Data to use →
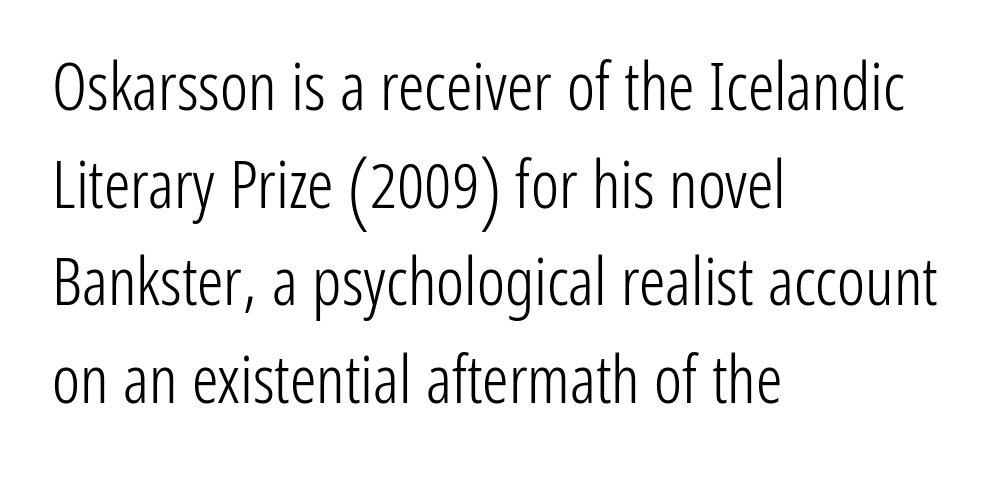
{"serif": "no", "italic": "no", "bold": "no", "weight": "light", "width": "condensed", "stroke_contrast": "low", "x_height": "medium", "monospaced": "no", "underline": "no", "align": "left", "line_spacing": "normal", "line_spacing_ratio": 1.48, "letter_spacing": "normal", "letter_spacing_em": 0.0, "glyph_px": 66}
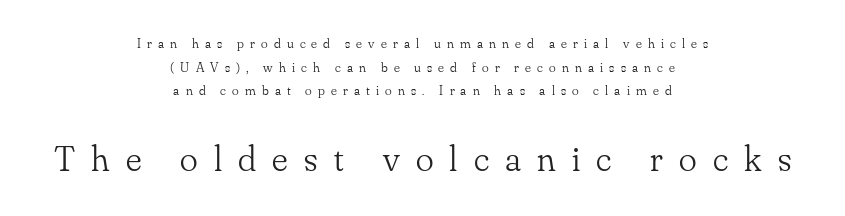
{"serif": "yes", "italic": "no", "bold": "no", "weight": "light", "width": "normal", "stroke_contrast": "low", "x_height": "small", "monospaced": "no", "underline": "no", "align": "center", "line_spacing": "normal", "line_spacing_ratio": 1.68, "letter_spacing": "wide", "letter_spacing_em": 0.44, "larger_block": "second", "size_ratio": 2.64, "glyph_px": 37}
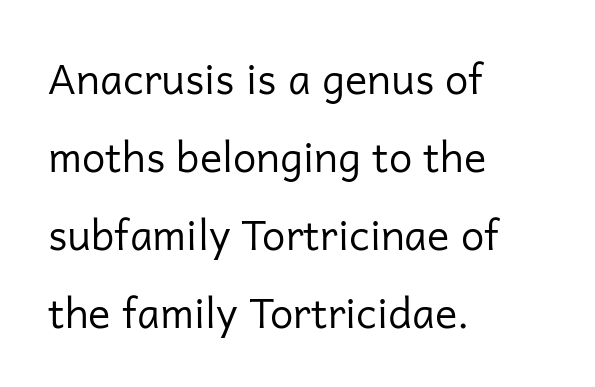
{"serif": "no", "italic": "no", "bold": "no", "weight": "regular", "width": "normal", "stroke_contrast": "low", "x_height": "medium", "monospaced": "no", "underline": "no", "align": "left", "line_spacing_ratio": 1.86, "letter_spacing": "normal", "letter_spacing_em": 0.0, "glyph_px": 42}
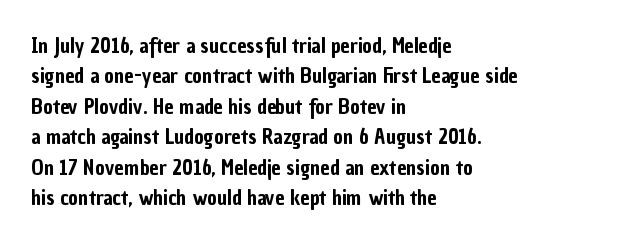
{"italic": "no", "underline": "no", "align": "left", "line_spacing": "normal", "line_spacing_ratio": 1.45, "letter_spacing": "normal", "letter_spacing_em": 0.0, "glyph_px": 21}
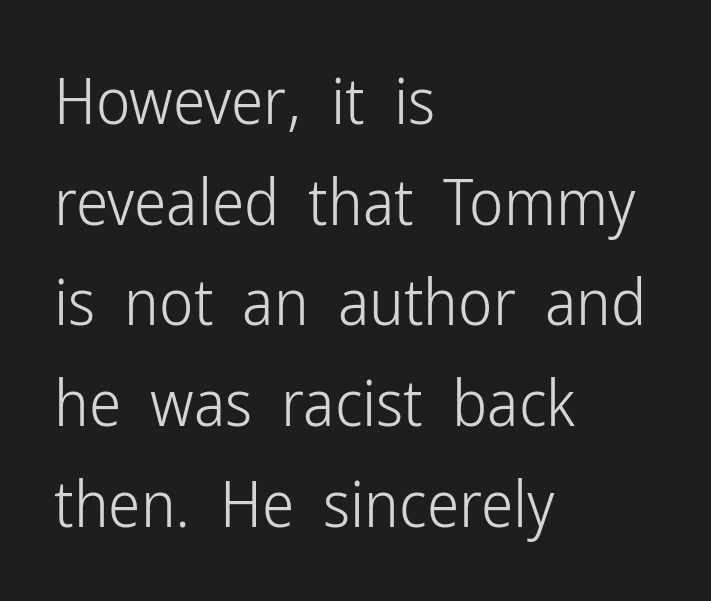
{"serif": "no", "italic": "no", "bold": "no", "weight": "light", "width": "condensed", "stroke_contrast": "low", "x_height": "medium", "monospaced": "no", "underline": "no", "align": "left", "line_spacing": "normal", "line_spacing_ratio": 1.55, "letter_spacing": "normal", "letter_spacing_em": 0.0, "glyph_px": 65}
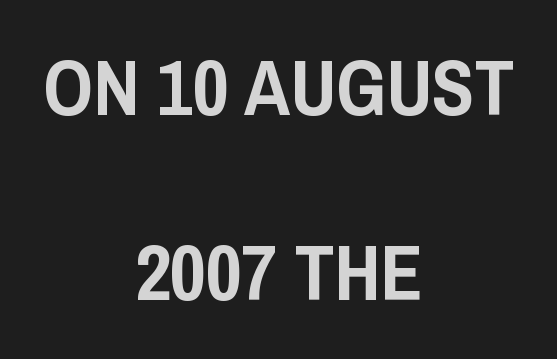
{"serif": "no", "italic": "no", "width": "condensed", "stroke_contrast": "low", "x_height": "large", "monospaced": "no", "underline": "no", "align": "center", "line_spacing": "loose", "line_spacing_ratio": 2.37, "letter_spacing": "normal", "letter_spacing_em": 0.0, "glyph_px": 78}
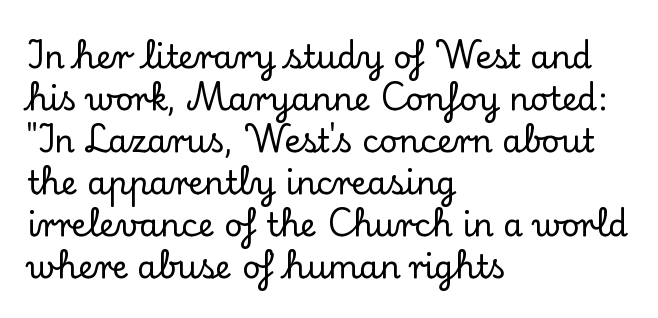
The image shows 32 px serif type, upright; set left-aligned, normal line spacing (1.31x), normal letter spacing, not underlined; low stroke contrast and a small x-height.
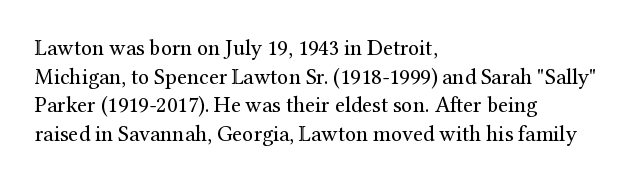
{"italic": "no", "bold": "no", "underline": "no", "align": "left", "line_spacing": "normal", "line_spacing_ratio": 1.3, "letter_spacing": "normal", "letter_spacing_em": 0.0, "glyph_px": 22}
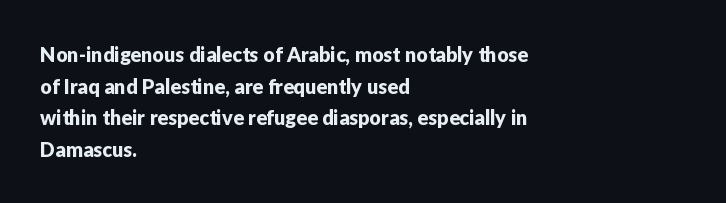
The baseline area is clear. The letterforms sit shoulder to shoulder at normal distance. Each line starts at the same left margin while the right side varies. You can tell it's not italic because the verticals are truly vertical.
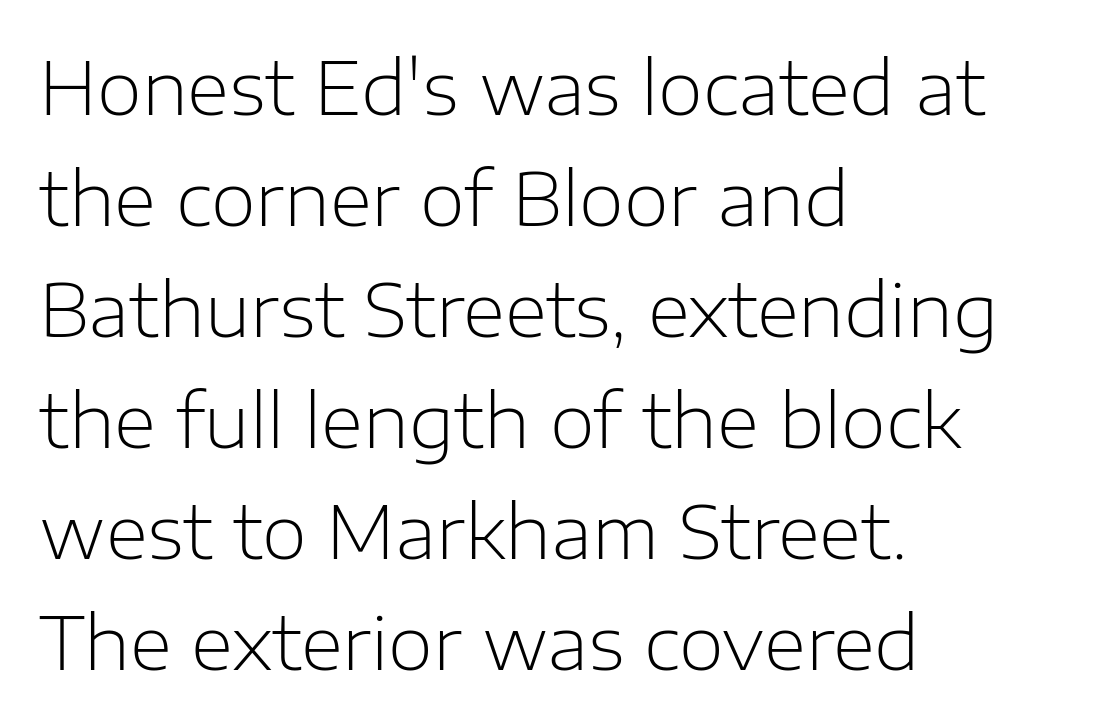
Q: Is the text bold? A: No.
Q: Is the text italic (slanted)? A: No, it is upright.
Q: Is the typeface a serif or a sans-serif typeface? A: Sans-serif.
Q: Is the text underlined? A: No.
Q: How is the paragraph aligned? A: Left-aligned.
Q: Is the spacing between letters normal or unusually wide? A: Normal.
Q: Is the spacing between lines tight, normal or loose? A: Normal.
Q: Width (condensed, normal, or wide)? A: Normal.
Q: Stroke contrast? A: Low.
Q: x-height? A: Medium.
Q: Monospaced? A: No.
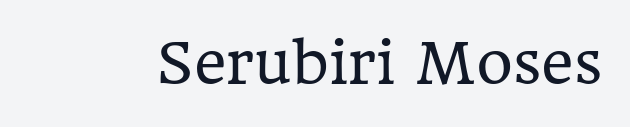
Q: Is the text bold? A: No.
Q: Is the text italic (slanted)? A: No, it is upright.
Q: Is the typeface a serif or a sans-serif typeface? A: Serif.
Q: Is the text underlined? A: No.
Q: Is the spacing between letters normal or unusually wide? A: Normal.
Q: Width (condensed, normal, or wide)? A: Normal.
Q: Stroke contrast? A: Low.
Q: x-height? A: Medium.
Q: Monospaced? A: No.

Directions for this task → All lines of the listing must be given again exactly, excluding the pictures.

Written solution →
{"serif": "no", "italic": "no", "bold": "no", "weight": "light", "width": "condensed", "stroke_contrast": "low", "x_height": "medium", "monospaced": "no", "underline": "no", "align": "left", "line_spacing": "normal", "line_spacing_ratio": 1.48, "letter_spacing": "normal", "letter_spacing_em": 0.0, "glyph_px": 66}
{"serif": "yes", "italic": "no", "bold": "no", "weight": "light", "width": "normal", "stroke_contrast": "low", "x_height": "small", "monospaced": "no", "underline": "no", "align": "center", "line_spacing": "normal", "line_spacing_ratio": 1.68, "letter_spacing": "wide", "letter_spacing_em": 0.44, "larger_block": "second", "size_ratio": 2.64, "glyph_px": 37}
{"serif": "no", "italic": "no", "bold": "no", "weight": "regular", "width": "normal", "stroke_contrast": "low", "x_height": "medium", "monospaced": "no", "underline": "no", "align": "left", "line_spacing_ratio": 1.86, "letter_spacing": "normal", "letter_spacing_em": 0.0, "glyph_px": 42}
{"italic": "no", "underline": "no", "align": "left", "line_spacing": "normal", "line_spacing_ratio": 1.45, "letter_spacing": "normal", "letter_spacing_em": 0.0, "glyph_px": 21}
{"serif": "no", "italic": "no", "bold": "no", "weight": "light", "width": "condensed", "stroke_contrast": "low", "x_height": "medium", "monospaced": "no", "underline": "no", "align": "left", "line_spacing": "normal", "line_spacing_ratio": 1.55, "letter_spacing": "normal", "letter_spacing_em": 0.0, "glyph_px": 65}
{"serif": "no", "italic": "no", "width": "condensed", "stroke_contrast": "low", "x_height": "large", "monospaced": "no", "underline": "no", "align": "center", "line_spacing": "loose", "line_spacing_ratio": 2.37, "letter_spacing": "normal", "letter_spacing_em": 0.0, "glyph_px": 78}
The image shows 32 px serif type, upright; set left-aligned, normal line spacing (1.31x), normal letter spacing, not underlined; low stroke contrast and a small x-height.
{"italic": "no", "bold": "no", "underline": "no", "align": "left", "line_spacing": "normal", "line_spacing_ratio": 1.3, "letter_spacing": "normal", "letter_spacing_em": 0.0, "glyph_px": 22}
The baseline area is clear. The letterforms sit shoulder to shoulder at normal distance. Each line starts at the same left margin while the right side varies. You can tell it's not italic because the verticals are truly vertical.
Q: Is the text bold? A: No.
Q: Is the text italic (slanted)? A: No, it is upright.
Q: Is the typeface a serif or a sans-serif typeface? A: Sans-serif.
Q: Is the text underlined? A: No.
Q: How is the paragraph aligned? A: Left-aligned.
Q: Is the spacing between letters normal or unusually wide? A: Normal.
Q: Is the spacing between lines tight, normal or loose? A: Normal.
Q: Width (condensed, normal, or wide)? A: Normal.
Q: Stroke contrast? A: Low.
Q: x-height? A: Medium.
Q: Monospaced? A: No.
Q: Is the text bold? A: No.
Q: Is the text italic (slanted)? A: No, it is upright.
Q: Is the typeface a serif or a sans-serif typeface? A: Serif.
Q: Is the text underlined? A: No.
Q: Is the spacing between letters normal or unusually wide? A: Normal.
Q: Width (condensed, normal, or wide)? A: Normal.
Q: Stroke contrast? A: Low.
Q: x-height? A: Medium.
Q: Monospaced? A: No.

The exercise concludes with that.